To report on cases of labyrinthine fistula diagnosed in an ear, nose, and throat department and to study the incidence, location, pre- and postoperative symptoms (hearing loss, tinnitus, vertigo, facial palsy), preoperative diagnostic imaging, and surgical treatment of two types of cholesteatomatous labyrinthine fistulae-the extensive fistula that erodes both the bony and membranous labyrinths and the bone fistula that affects only the bony labyrinth.

STUDY DESIGN

Retrospective case review.

PATIENTS

Fifty-four patients with cholesteatomatous chronic otitis media with labyrinthine fistulae.

SETTING

Tertiary referral center.

INTERVENTIONS

Diagnosis and treatment.

MAIN OUTCOME MEASURES

Clinical, imaging, and surgical correlation of extensive fistulae and bone fistulae.

RESULTS

The incidence of labyrinthine fistulae was 7% in all patients who underwent surgery for chronic otitis media. The bone type (66%) is more common than the extensive type (33%).
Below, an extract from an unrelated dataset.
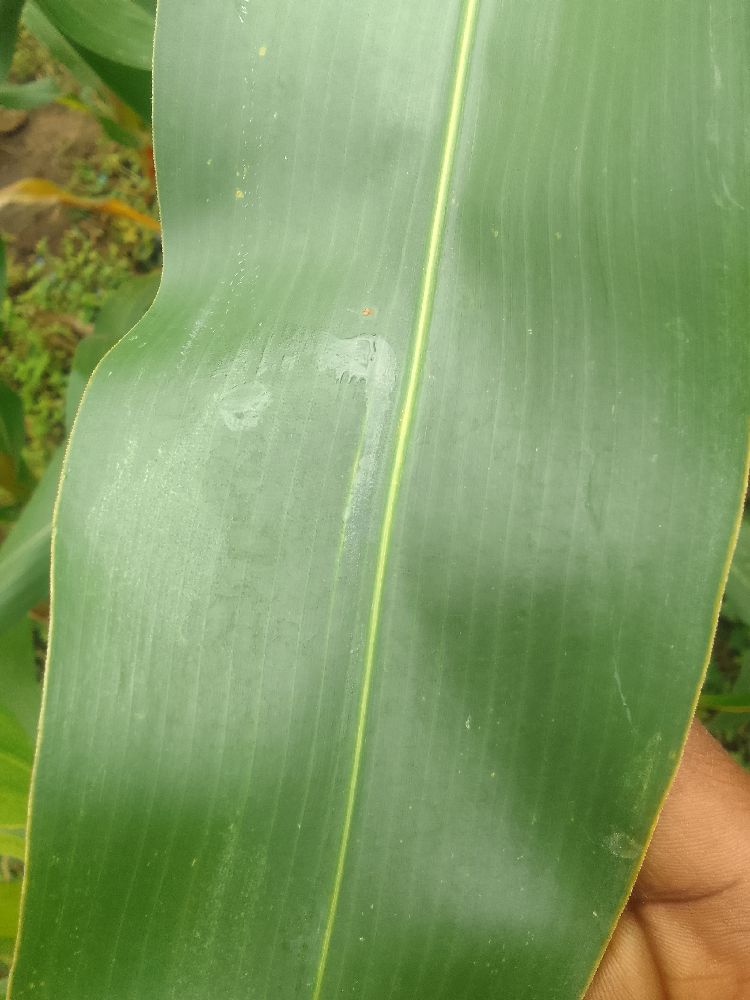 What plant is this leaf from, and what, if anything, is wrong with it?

maize, healthy
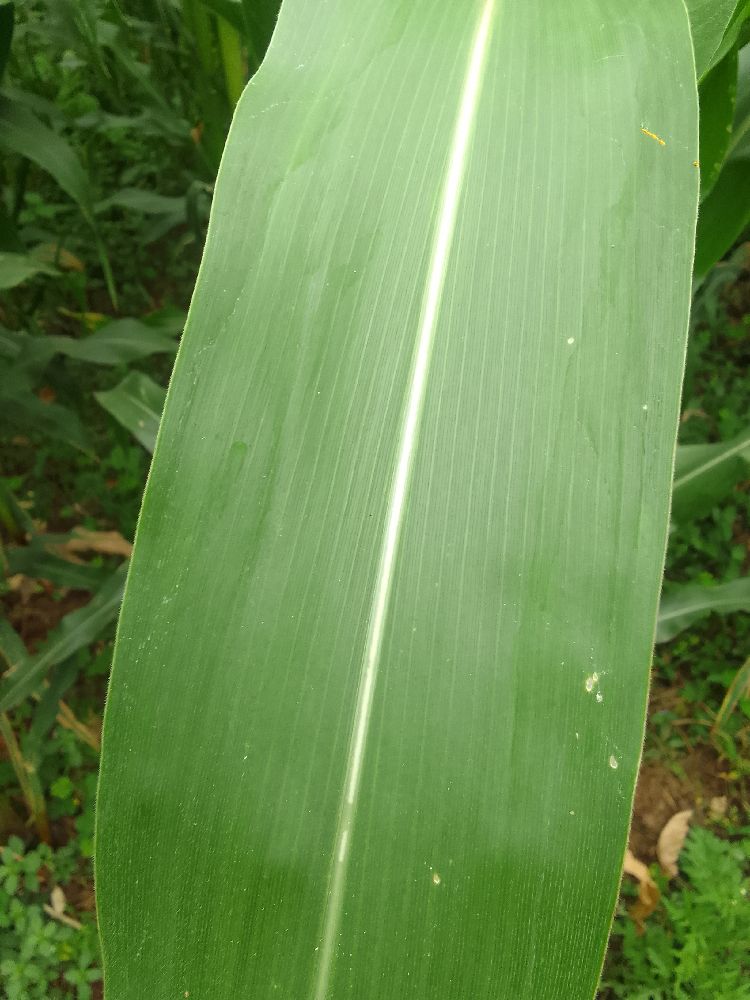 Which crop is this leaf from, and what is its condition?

maize, healthy

Compared with bone fistulae, the outcome for extensive fistulae is more severe in terms of hearing loss, vertigo, and facial palsy. In terms of preoperative diagnosis, computed tomography imaging ensured early diagnosis in 89% of extensive cases and in 28% of bone cases. For extensive fistulae, the surgical technique was more radical, requiring an open technique in 66% of cases versus 22% of the bone fistulae cases. The most common location is the lateral semicircular canal (61%).

CONCLUSIONS

The breach in the membranous labyrinth is consistent with a more aggressive pathology, causing more severe pre- and postoperative symptoms. Preoperative computed tomography is more sensitive for diagnosing extensive fistulae, which also require a more radical treatment.

摘要

目的

报告在耳鼻喉科诊断出的迷路瘘管病例,并研究两种胆脂瘤性迷路瘘管——侵蚀骨迷路和膜迷路的广泛瘘管以及仅影响骨迷路的骨瘘管的发病率、位置、术前和术后症状(听力损失、耳鸣、眩晕、面瘫)、术前诊断成像和手术治疗。

研究设计

回顾性病例分析。

患者

54例患有胆脂瘤性慢性中耳炎伴迷路瘘管的患者。

地点

三级转诊中心。

干预措施

诊断和治疗。

主要观察指标

广泛瘘管和骨瘘管的临床、影像学和手术相关性。

结果

在所有接受慢性中耳炎手术的患者中,迷路瘘管的发病率为7%。骨瘘管类型(66%)比广泛瘘管类型(33%)更常见。与骨瘘管相比,广泛瘘管在听力损失、眩晕和面瘫方面的预后更严重。在术前诊断方面,计算机断层扫描成像在89%的广泛病例和28%的骨病例中确保了早期诊断。对于广泛瘘管,手术技术更为激进,66%的病例需要开放技术,而骨瘘管病例为22%。最常见的位置是外侧半规管(61%)。

结论

膜迷路破裂与更具侵袭性的病理改变一致,导致术前和术后症状更严重。术前计算机断层扫描对诊断广泛瘘管更敏感,广泛瘘管也需要更激进的治疗。